More recent research suggests that it might be more helpful to talk about imposter episodes, which they found were widely experienced. It is not unusual to have brief times when we feel like an imposter and we can all experience them from time to time.  This doesn’t mean that we suffer from an ongoing syndrome.   Although some may experience more episodes than others and find it more difficult to cope with than others.  Both men and women experience imposter episodes, and evidence to date is inconclusive that this is more common in women than men.  

Talk to your coach, psychologist or professional supervisor to get some support and techniques for coping well with imposter episiodes when they occur, but don’t make a syndrome out of a common collection of thoughts and feelings.

 Coping with imposter thoughts and feelings.

  • Acknowledge and accept your feelings. It is normal,common and ok to feel like this. It doesn’t mean there is anything wrong with you. It doesn’t mean you won’t be successful. It is ok to have bumps in your self-confidence.

  • Share with a coach, supervisor, therapist or friends to get support to help you with effective coping strategies that help you manage the thoughts and feelings when they occur.

  • Ask for help to examine your perfectionist tendencies, some types of perfectionism are motivating and can help with some types of work. Other types can be quite debilitating. Take some steps towards reducing compulsive overwork or over preparation habits.

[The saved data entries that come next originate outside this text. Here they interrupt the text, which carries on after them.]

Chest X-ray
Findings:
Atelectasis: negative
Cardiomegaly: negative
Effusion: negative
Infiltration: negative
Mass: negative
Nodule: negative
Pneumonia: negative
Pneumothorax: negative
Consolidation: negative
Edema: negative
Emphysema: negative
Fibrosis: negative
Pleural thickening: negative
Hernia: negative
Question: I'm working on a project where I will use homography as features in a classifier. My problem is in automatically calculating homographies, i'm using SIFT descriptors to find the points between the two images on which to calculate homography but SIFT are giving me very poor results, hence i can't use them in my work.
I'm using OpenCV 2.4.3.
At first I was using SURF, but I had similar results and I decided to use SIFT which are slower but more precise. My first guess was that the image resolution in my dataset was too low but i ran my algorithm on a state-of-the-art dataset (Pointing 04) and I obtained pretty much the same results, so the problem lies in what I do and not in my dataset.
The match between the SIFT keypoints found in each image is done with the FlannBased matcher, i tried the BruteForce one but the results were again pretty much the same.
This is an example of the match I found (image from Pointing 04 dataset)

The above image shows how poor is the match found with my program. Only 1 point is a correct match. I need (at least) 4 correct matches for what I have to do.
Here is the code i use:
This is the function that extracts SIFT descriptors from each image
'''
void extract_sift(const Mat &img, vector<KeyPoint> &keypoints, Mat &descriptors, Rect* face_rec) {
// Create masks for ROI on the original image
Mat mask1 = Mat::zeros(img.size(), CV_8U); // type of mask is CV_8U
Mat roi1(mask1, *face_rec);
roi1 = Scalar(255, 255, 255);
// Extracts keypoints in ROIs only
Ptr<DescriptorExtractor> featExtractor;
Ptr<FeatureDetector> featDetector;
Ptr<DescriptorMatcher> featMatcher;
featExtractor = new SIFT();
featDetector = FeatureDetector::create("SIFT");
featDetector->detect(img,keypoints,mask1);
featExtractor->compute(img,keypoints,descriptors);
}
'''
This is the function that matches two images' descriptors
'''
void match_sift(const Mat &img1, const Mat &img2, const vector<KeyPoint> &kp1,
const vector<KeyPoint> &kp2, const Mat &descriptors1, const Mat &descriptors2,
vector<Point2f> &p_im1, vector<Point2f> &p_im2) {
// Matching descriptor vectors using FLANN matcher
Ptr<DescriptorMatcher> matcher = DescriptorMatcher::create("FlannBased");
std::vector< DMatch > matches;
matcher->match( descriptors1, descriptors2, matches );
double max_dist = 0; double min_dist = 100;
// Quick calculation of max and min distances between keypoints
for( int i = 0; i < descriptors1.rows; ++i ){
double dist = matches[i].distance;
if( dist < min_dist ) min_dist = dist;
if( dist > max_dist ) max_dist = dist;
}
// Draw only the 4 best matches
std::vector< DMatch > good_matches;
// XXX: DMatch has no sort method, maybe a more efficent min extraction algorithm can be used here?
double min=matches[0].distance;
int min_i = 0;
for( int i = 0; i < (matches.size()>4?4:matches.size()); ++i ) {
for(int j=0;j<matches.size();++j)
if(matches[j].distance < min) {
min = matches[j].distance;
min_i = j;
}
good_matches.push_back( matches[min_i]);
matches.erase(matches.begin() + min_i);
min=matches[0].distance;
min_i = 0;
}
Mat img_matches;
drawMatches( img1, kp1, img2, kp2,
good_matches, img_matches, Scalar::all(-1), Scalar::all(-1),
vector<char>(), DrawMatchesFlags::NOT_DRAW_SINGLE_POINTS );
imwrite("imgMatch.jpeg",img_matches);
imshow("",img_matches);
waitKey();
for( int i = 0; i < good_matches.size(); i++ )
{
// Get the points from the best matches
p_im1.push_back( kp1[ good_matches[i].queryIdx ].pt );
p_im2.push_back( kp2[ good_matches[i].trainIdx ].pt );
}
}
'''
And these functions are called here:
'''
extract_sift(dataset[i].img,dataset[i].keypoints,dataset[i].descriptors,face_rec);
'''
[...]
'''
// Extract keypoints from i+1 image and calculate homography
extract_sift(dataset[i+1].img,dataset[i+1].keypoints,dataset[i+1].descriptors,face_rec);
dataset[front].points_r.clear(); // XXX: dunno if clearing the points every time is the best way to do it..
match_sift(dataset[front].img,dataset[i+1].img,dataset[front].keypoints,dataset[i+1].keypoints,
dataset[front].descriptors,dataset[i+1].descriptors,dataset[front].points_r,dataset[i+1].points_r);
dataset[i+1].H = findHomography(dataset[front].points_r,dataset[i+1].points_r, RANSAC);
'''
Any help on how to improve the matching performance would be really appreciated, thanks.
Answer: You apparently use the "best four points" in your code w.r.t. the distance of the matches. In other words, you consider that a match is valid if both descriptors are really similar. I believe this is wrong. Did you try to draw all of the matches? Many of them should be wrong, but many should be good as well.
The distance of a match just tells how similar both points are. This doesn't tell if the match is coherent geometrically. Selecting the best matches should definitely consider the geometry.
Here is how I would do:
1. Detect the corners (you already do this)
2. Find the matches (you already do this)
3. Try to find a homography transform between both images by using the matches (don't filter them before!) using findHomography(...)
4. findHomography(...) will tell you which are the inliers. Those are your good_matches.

  • Start a positive feedback, or positive results folder. Record, keep, read and re-read any positive comments you receive about your work. Our minds remember negative feedback more easily as they are driven by safety. We need to reinforce the positive more frequently than the negative.

  • Identify some small risks that you can take to be yourself and express what you really think. The more authentic you are able to be the less pervasive the feelings of being ‘found out’ will become.

  • Be aware of the situations that make imposter episodes more likely. These include transitions to new roles, taking on new or greater responsibilities and being in the public eye.